Michael Hardt, amerikalı edebiyat kuramcısı ve entelektüel. Hâlen Duke Üniversitesi’nde edebiyat profesörlüğü yapmaktadır.1993 senesinde Gilles Deleuze(Gilles Deleuze:An Apprenticeship in Pholosophy) üstüne kendi yazdığı kitabının haricinde, Antonio Negri ile beraber (Labor of Dionysus ve Empiere) benzer biçimde ortak emek harcamaları bulunmaktadır.Ayrıca Paolo Virno ile 1996’da (Radikal Tought in Italy) ve Kathi Weeks ile 2000 senesinde (The Jameson Reader) ortak emek harcamalar yapmıştır. 20. yüzyıl edebiyatın da modernizm ve realizm üstüne emek harcamaları devam etmektedir. Siyasl kuram alanında Negri ile beraber yeni durum icinde dünyanın tekrardan kavranışı ve değiştirilemsi ile ilgili bir konumda durmakta, yalnızca bu yeni durumların değerlendirilmesinde geleneksel sol-muhalif konumlardan ayrı yönelimler göstermektedir. Foucault’un, bilhassa iktidar çözümlemeleri bağlamında, ikilinin emek harcamaları üstünde belirgin bir tesiri olduğu görülmektedir. İkili biyoiktidar terimini tekrardan kullanıma sokmaktadır.Postmodern durum içinden bir karşı fikir geliştirme arayışı içinde oldukları söylenebilir.
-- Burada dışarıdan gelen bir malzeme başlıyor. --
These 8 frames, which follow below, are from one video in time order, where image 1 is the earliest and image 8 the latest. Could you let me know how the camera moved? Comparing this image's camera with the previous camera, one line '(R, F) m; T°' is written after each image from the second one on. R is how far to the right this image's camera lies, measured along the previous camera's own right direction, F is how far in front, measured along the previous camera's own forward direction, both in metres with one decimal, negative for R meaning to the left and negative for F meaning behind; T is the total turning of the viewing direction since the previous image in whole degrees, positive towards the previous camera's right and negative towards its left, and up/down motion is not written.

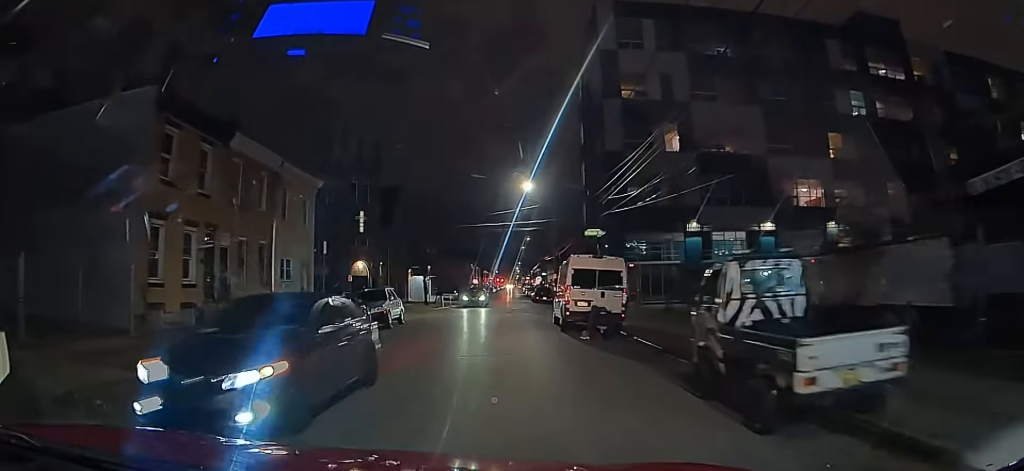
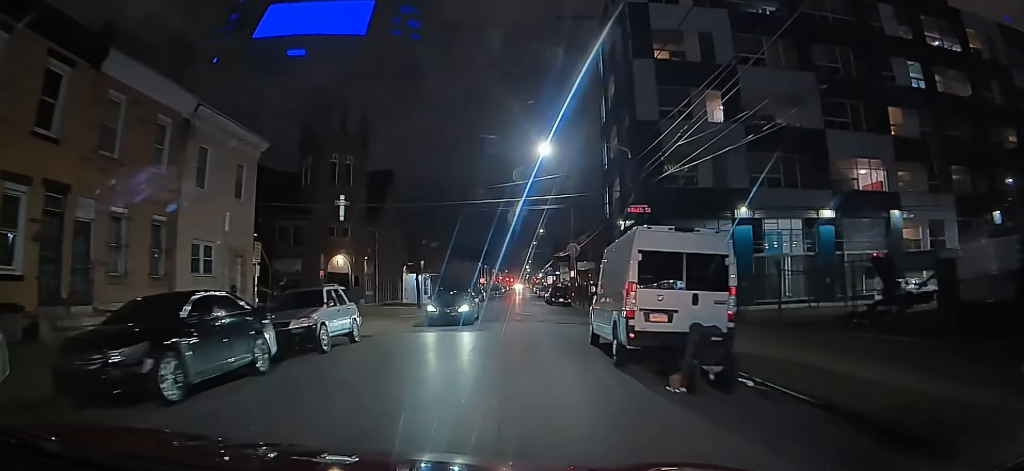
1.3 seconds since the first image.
(-1.1, +9.3) m; -6°
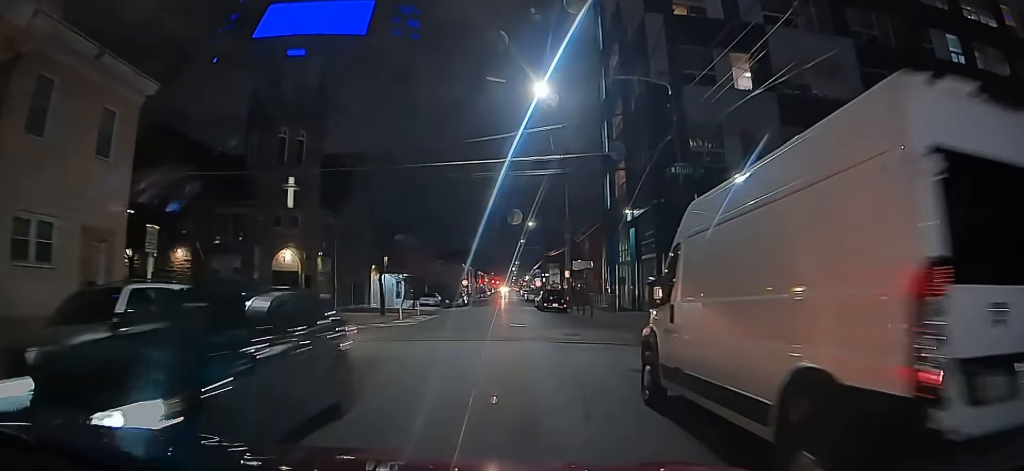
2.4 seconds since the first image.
(+0.4, +8.7) m; -1°
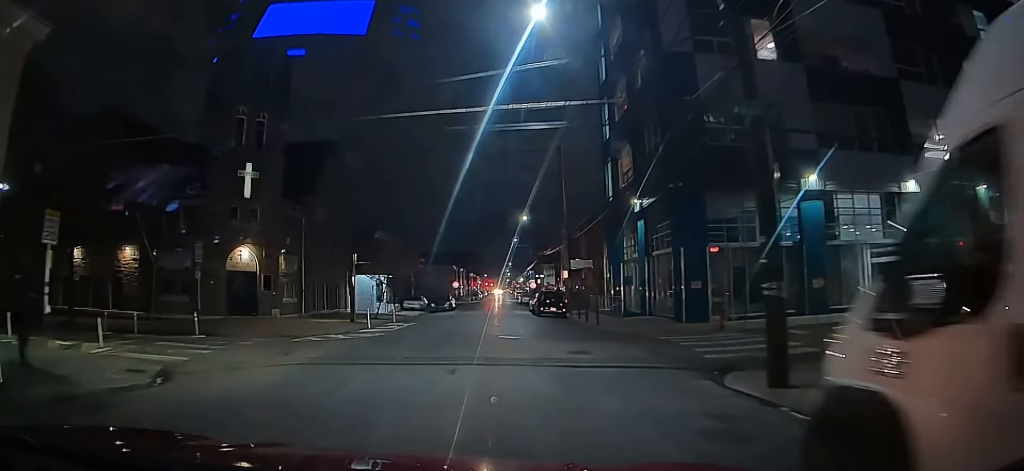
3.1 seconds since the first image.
(-0.3, +5.9) m; -4°
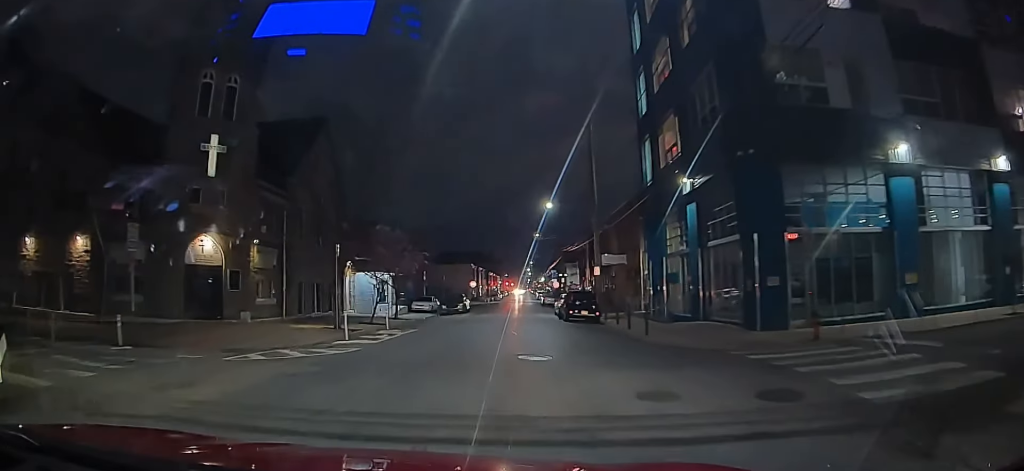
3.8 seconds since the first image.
(-0.2, +7.3) m; -2°
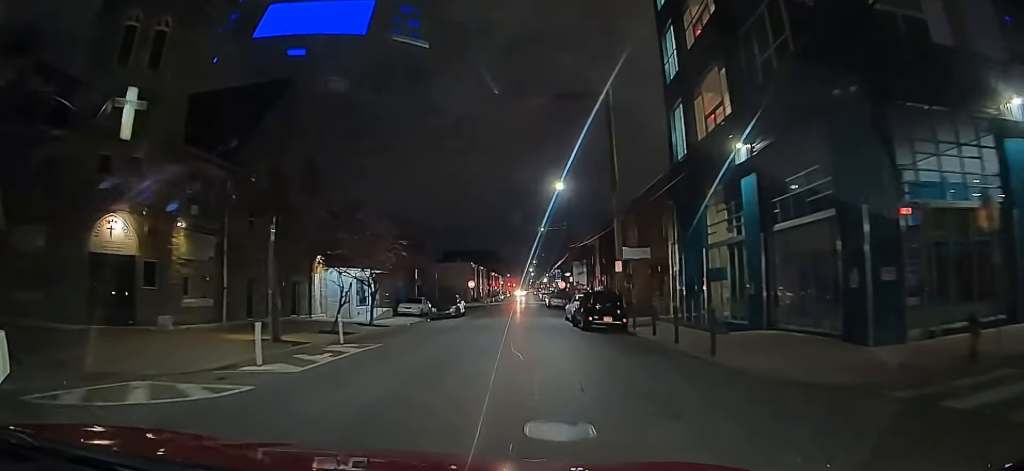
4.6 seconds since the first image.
(-0.1, +7.4) m; -1°
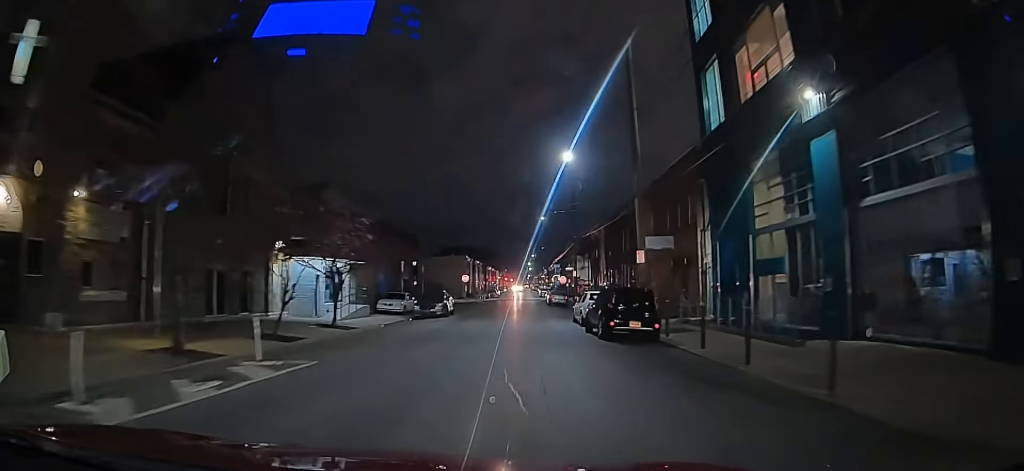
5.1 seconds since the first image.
(0.0, +5.6) m; 0°
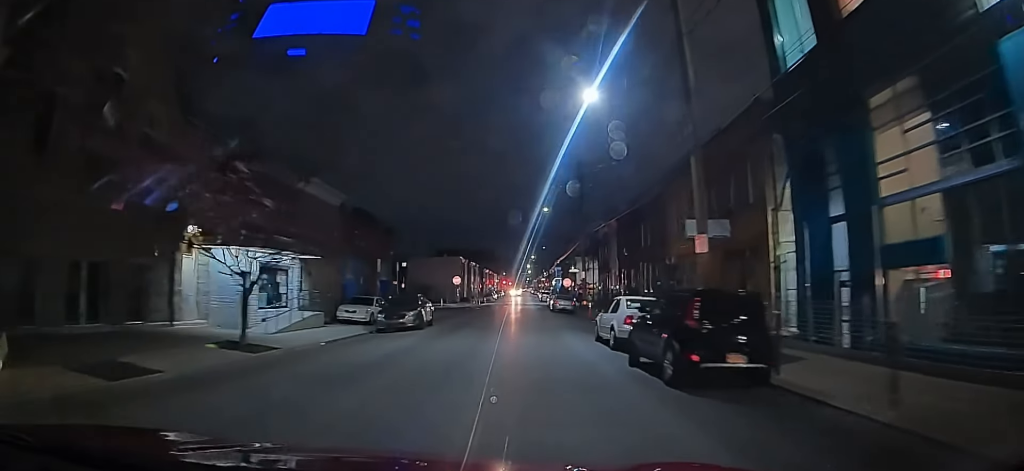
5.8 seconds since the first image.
(-0.1, +7.6) m; 0°

Michael Hardt Kitapları – Eserleri

  • İmparatorluk
  • Duyuru
  • Meclis
  • Dionysos’un Emeği
  • Gilles Deleuze: Felsefede Bir Çıraklık


Michael Hardt Alıntıları – Sözleri

  • ”Bir işçi planlı bir halde başkalarıyla ortaklık yaptığında,bireyselliğinin getirmiş olduğu engellerden sıyrılır ve türüne özgü becerilerini geliştirir. ” İşbirliği yardımıyla içinde kişinin iyiliğiyle insanlığın iyiliği içinde, bencillik diğerkamlık içinde seçim halletmeye zorlanmadığımız, aksine bunların peşinden tek ve aynı proje olarak koştuğumuz bir dünya yaratarak türümüze özgü yetkinlikleri hayata geçiririz. Bu proje girişimciliğin en üst formudur. (Meclis)
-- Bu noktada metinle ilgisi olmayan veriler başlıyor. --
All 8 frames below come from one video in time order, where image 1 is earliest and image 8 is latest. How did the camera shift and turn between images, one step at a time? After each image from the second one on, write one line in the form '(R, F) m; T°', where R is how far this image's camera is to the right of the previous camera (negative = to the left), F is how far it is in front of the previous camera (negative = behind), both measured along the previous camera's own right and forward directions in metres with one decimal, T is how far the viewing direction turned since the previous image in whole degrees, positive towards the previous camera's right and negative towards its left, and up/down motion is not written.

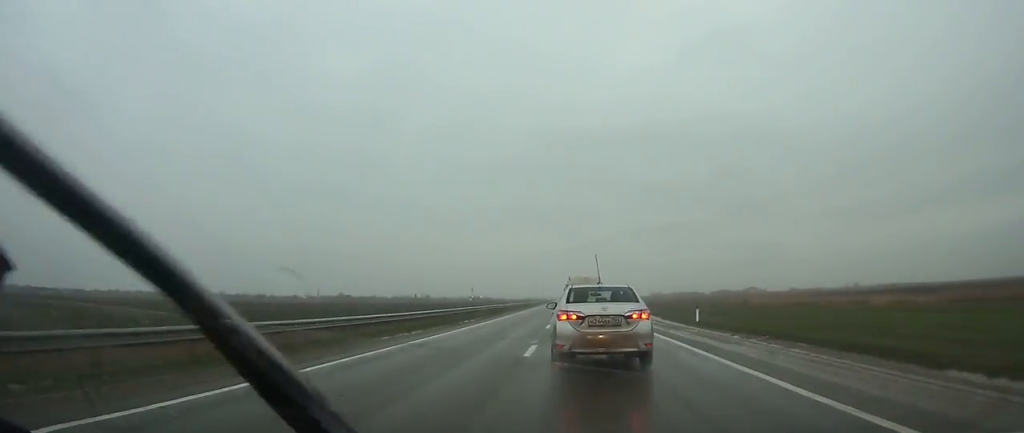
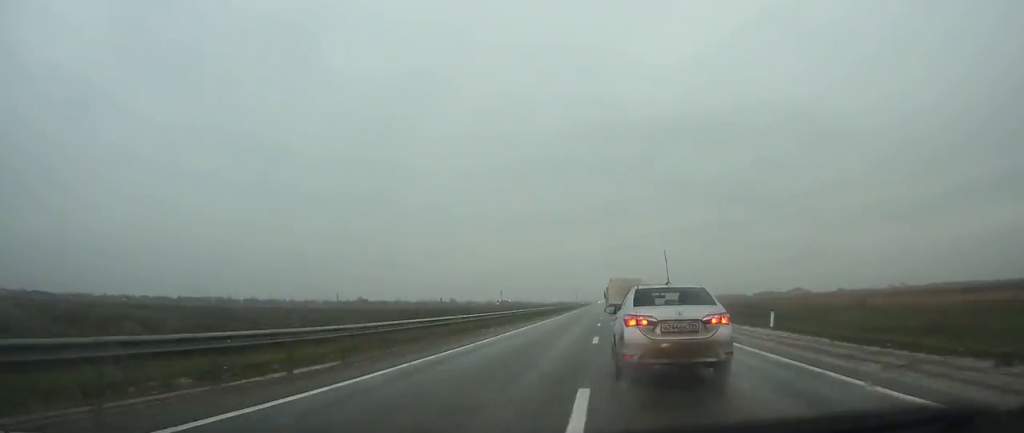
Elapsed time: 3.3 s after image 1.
(-0.5, +54.1) m; 0°
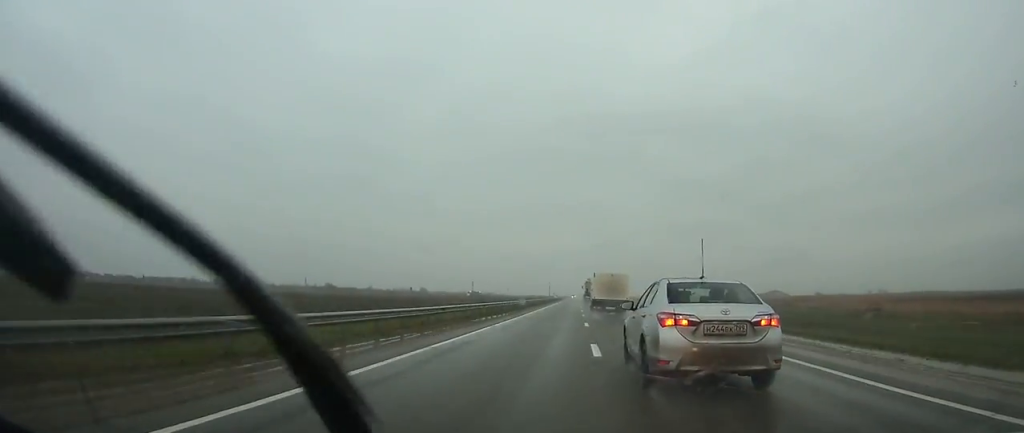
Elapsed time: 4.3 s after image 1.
(-0.2, +16.2) m; +1°
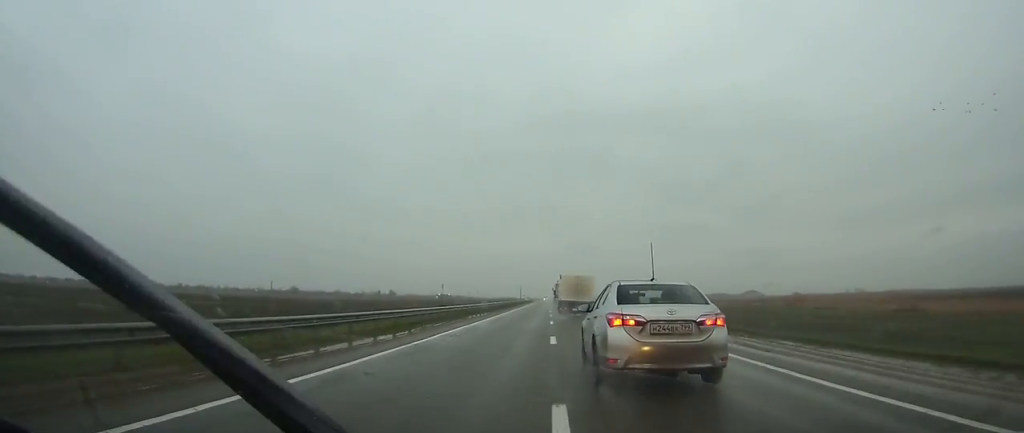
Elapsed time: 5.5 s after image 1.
(+0.6, +19.9) m; +1°
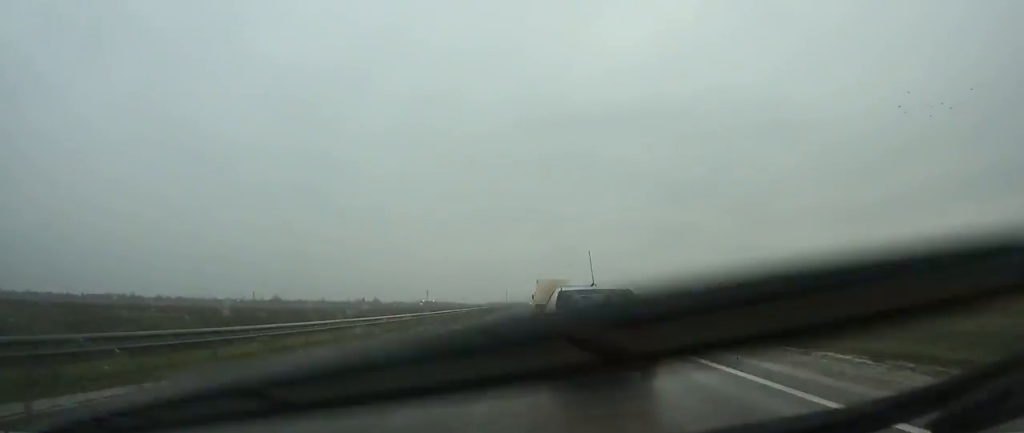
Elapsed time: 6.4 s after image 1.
(+0.2, +13.6) m; 0°
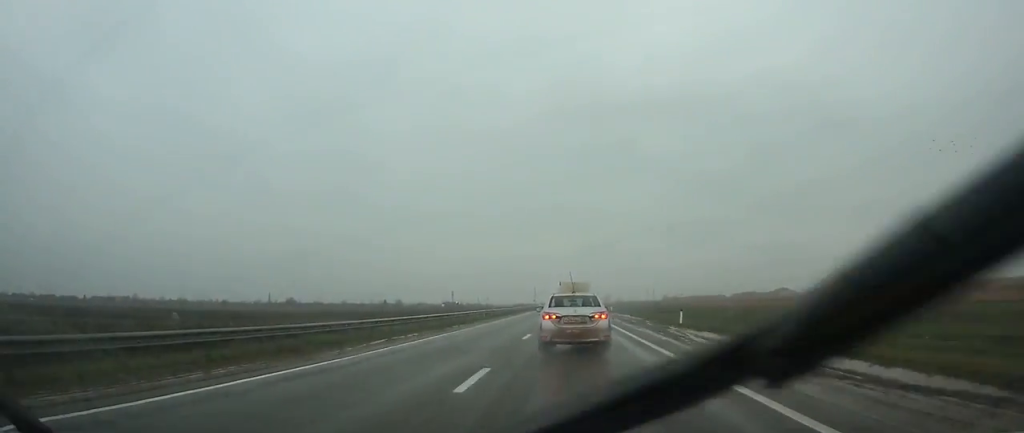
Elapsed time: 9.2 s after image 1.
(-0.8, +43.7) m; -2°
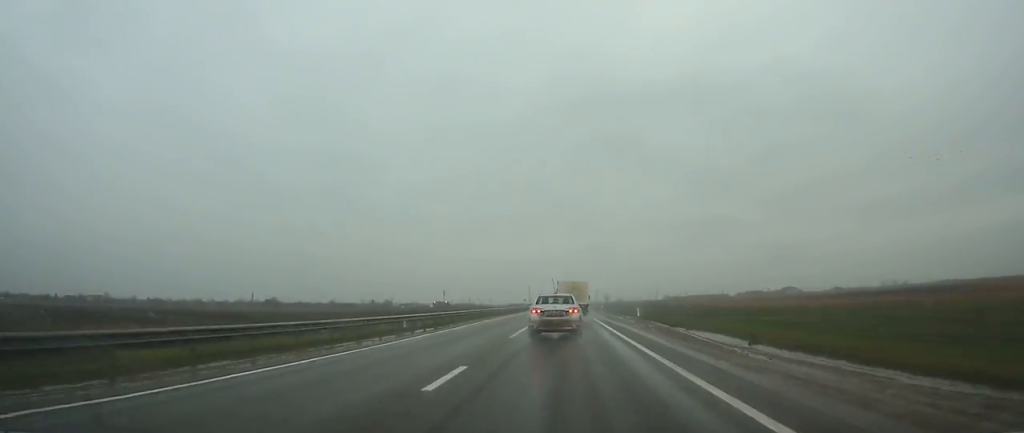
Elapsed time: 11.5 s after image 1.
(-0.2, +36.1) m; -1°
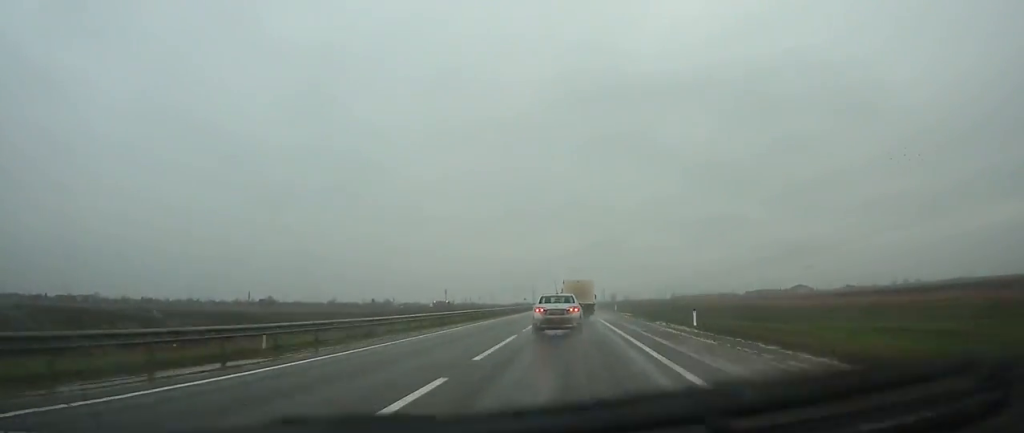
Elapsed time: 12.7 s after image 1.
(0.0, +19.5) m; 0°

  • her şeyin her insana ilişkin olduğu,kimsenin ayrıcalıklı olmadığı politik bir sistemi iyi mi yaratabiliriz? … bu suali yanıtlamak kamunun işidir:Herkese ilişkin olan ve hiç kimseye ilişkin olmayan şey aslına bakarsak devlete aittir.Ortaklaşa varlıkları kavramış elini örtecek ve onun bizi temsil ettiğine ikna edecek bir şeylerin bulunması mecburi olmuştur. (Meclis)
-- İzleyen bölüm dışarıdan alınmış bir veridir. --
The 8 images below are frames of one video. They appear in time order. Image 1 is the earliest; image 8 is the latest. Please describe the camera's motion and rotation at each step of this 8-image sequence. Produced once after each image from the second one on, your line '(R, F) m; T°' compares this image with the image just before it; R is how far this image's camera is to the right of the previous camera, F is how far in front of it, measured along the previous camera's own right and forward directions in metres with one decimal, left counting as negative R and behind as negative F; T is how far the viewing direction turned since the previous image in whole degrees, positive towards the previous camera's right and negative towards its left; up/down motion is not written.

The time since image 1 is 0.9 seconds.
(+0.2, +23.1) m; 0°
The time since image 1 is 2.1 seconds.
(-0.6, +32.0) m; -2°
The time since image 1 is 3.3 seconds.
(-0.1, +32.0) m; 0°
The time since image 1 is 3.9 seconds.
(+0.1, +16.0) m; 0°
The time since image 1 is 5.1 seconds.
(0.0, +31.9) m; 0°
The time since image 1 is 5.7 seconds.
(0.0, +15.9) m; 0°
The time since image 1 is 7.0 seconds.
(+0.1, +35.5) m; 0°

  • Tarihsel bakımdan bu süreçler çoğu zaman bir sıra içinde gerçekleşir. Bir toprak parçası ya da nüfus ilkin mübadeleye ve gerçekleştirmeye uygun bir dışarısı olarak erişilebilir hale getirilir ve sonraki adımda gerçek anlamda paracı üretim alanına dahil edilir. Ne var ki, mühim nokta şudur: bir kere çevrenin bir parçası “uygarlaştırılır uygarlaştırılmaz”, kısaca burjuvazinin yeni yeni genişlettiği paracı üretim alanının sınırları içine organik olarak alınır alınmaz, bu bölge artık sermayenin artık kıymetini gerçekleştirmesi için mecburi olan dışarısı olması imkansız. Bu anlamda kapitalistleşme gerçekleşmenin önüne bir engel diker ve bunun tersi de doğrudur; daha doğrusu içselleştirme dışarıya bağlılıkla çelişir. Sermayenin susuzluğunu yeni kanla dindirmek şarttır ve ana para devamlı olarak yeni sınırlar aramak zorundadır. (İmparatorluk)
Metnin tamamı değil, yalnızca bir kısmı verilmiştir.